◆ ASSIGNED TASK: Retype every line from the start of the entries below down to the line with "In plain terms, the", both ends included; skip the pictures.

=-=-=

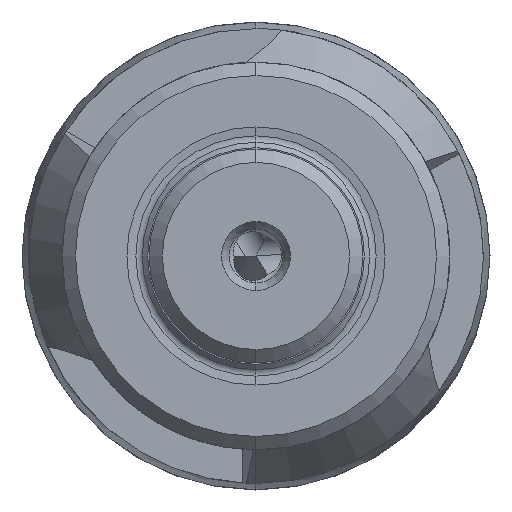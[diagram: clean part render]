
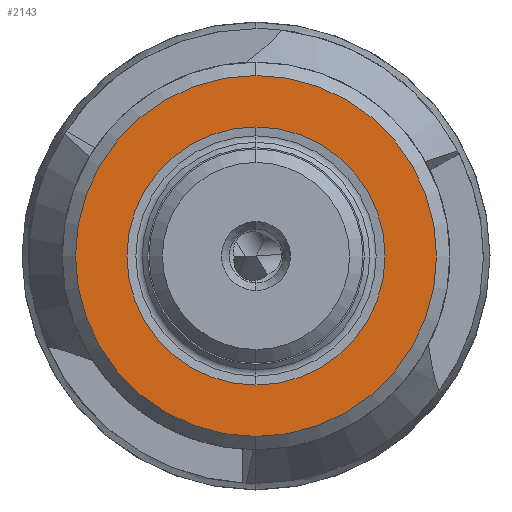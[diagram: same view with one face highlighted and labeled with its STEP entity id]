
A CAD part, left-side view. The second image highlights one B-rep face of the part: STEP entity #2143.
In plain terms, the highlighted planar face has unit normal (-1, 0, 0).
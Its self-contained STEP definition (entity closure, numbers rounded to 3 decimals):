
#158 = ORIENTED_EDGE ( 'NONE', *, *, #1256, .F. ) ;
#273 = EDGE_LOOP ( 'NONE', ( #1055, #3730 ) ) ;
#340 = EDGE_LOOP ( 'NONE', ( #158, #1056 ) ) ;
#610 = DIRECTION ( 'NONE',  ( 1., 0., 0. ) ) ;
#614 = CARTESIAN_POINT ( 'NONE',  ( -41.186, 0., 0. ) ) ;
#686 = CIRCLE ( 'NONE', #1440, 13.5 ) ;
#747 = CARTESIAN_POINT ( 'NONE',  ( -41.186, 0., 0. ) ) ;
#808 = DIRECTION ( 'NONE',  ( 0., 0., -1. ) ) ;
#888 = CARTESIAN_POINT ( 'NONE',  ( -41.186, 0., 0. ) ) ;
#919 = DIRECTION ( 'NONE',  ( 1., 0., 0. ) ) ;
#1055 = ORIENTED_EDGE ( 'NONE', *, *, #1323, .T. ) ;
#1056 = ORIENTED_EDGE ( 'NONE', *, *, #1130, .F. ) ;
#1130 = EDGE_CURVE ( 'NONE', #3587, #2997, #2075, .T. ) ;
#1194 = EDGE_CURVE ( 'NONE', #2851, #2866, #3625, .T. ) ;
#1256 = EDGE_CURVE ( 'NONE', #2997, #3587, #686, .T. ) ;
#1323 = EDGE_CURVE ( 'NONE', #2866, #2851, #2358, .T. ) ;
#1389 = AXIS2_PLACEMENT_3D ( 'NONE', #2661, #2669, #2657 ) ;
#1416 = AXIS2_PLACEMENT_3D ( 'NONE', #614, #610, #1964 ) ;
#1440 = AXIS2_PLACEMENT_3D ( 'NONE', #888, #919, #808 ) ;
#1465 = AXIS2_PLACEMENT_3D ( 'NONE', #747, #2919, #2799 ) ;
#1642 = AXIS2_PLACEMENT_3D ( 'NONE', #3500, #3477, #3476 ) ;
#1964 = DIRECTION ( 'NONE',  ( 0., 0., -1. ) ) ;
#2075 = CIRCLE ( 'NONE', #1389, 13.5 ) ;
#2143 = ADVANCED_FACE ( 'NONE', ( #2318, #2416 ), #3478, .T. ) ;
#2318 = FACE_BOUND ( 'NONE', #273, .T. ) ;
#2358 = CIRCLE ( 'NONE', #1465, 9.653 ) ;
#2416 = FACE_OUTER_BOUND ( 'NONE', #340, .T. ) ;
#2657 = DIRECTION ( 'NONE',  ( 0., 0., -1. ) ) ;
#2661 = CARTESIAN_POINT ( 'NONE',  ( -41.186, 0., 0. ) ) ;
#2669 = DIRECTION ( 'NONE',  ( 1., 0., 0. ) ) ;
#2799 = DIRECTION ( 'NONE',  ( 0., 0., -1. ) ) ;
#2851 = VERTEX_POINT ( 'NONE', #3316 ) ;
#2866 = VERTEX_POINT ( 'NONE', #3062 ) ;
#2919 = DIRECTION ( 'NONE',  ( 1., 0., 0. ) ) ;
#2997 = VERTEX_POINT ( 'NONE', #3142 ) ;
#3062 = CARTESIAN_POINT ( 'NONE',  ( -41.186, 0., 9.653 ) ) ;
#3142 = CARTESIAN_POINT ( 'NONE',  ( -41.186, 0., -13.5 ) ) ;
#3173 = CARTESIAN_POINT ( 'NONE',  ( -41.186, 0., 13.5 ) ) ;
#3316 = CARTESIAN_POINT ( 'NONE',  ( -41.186, 0., -9.653 ) ) ;
#3476 = DIRECTION ( 'NONE',  ( 0., 0., 1. ) ) ;
#3477 = DIRECTION ( 'NONE',  ( -1., 0., 0. ) ) ;
#3478 = PLANE ( 'NONE',  #1642 ) ;
#3500 = CARTESIAN_POINT ( 'NONE',  ( -41.186, 9.653, 0. ) ) ;
#3587 = VERTEX_POINT ( 'NONE', #3173 ) ;
#3625 = CIRCLE ( 'NONE', #1416, 9.653 ) ;
#3730 = ORIENTED_EDGE ( 'NONE', *, *, #1194, .T. ) ;

=-=-=

◆ RESPONSE TO THE EXERCISE:
[diagram: clean part render]
[diagram: same view with one face highlighted and labeled with its STEP entity id]
A CAD part, left-side view. The second image highlights one B-rep face of the part: STEP entity #2143.
In plain terms, the highlighted planar face has unit normal (-1, 0, 0).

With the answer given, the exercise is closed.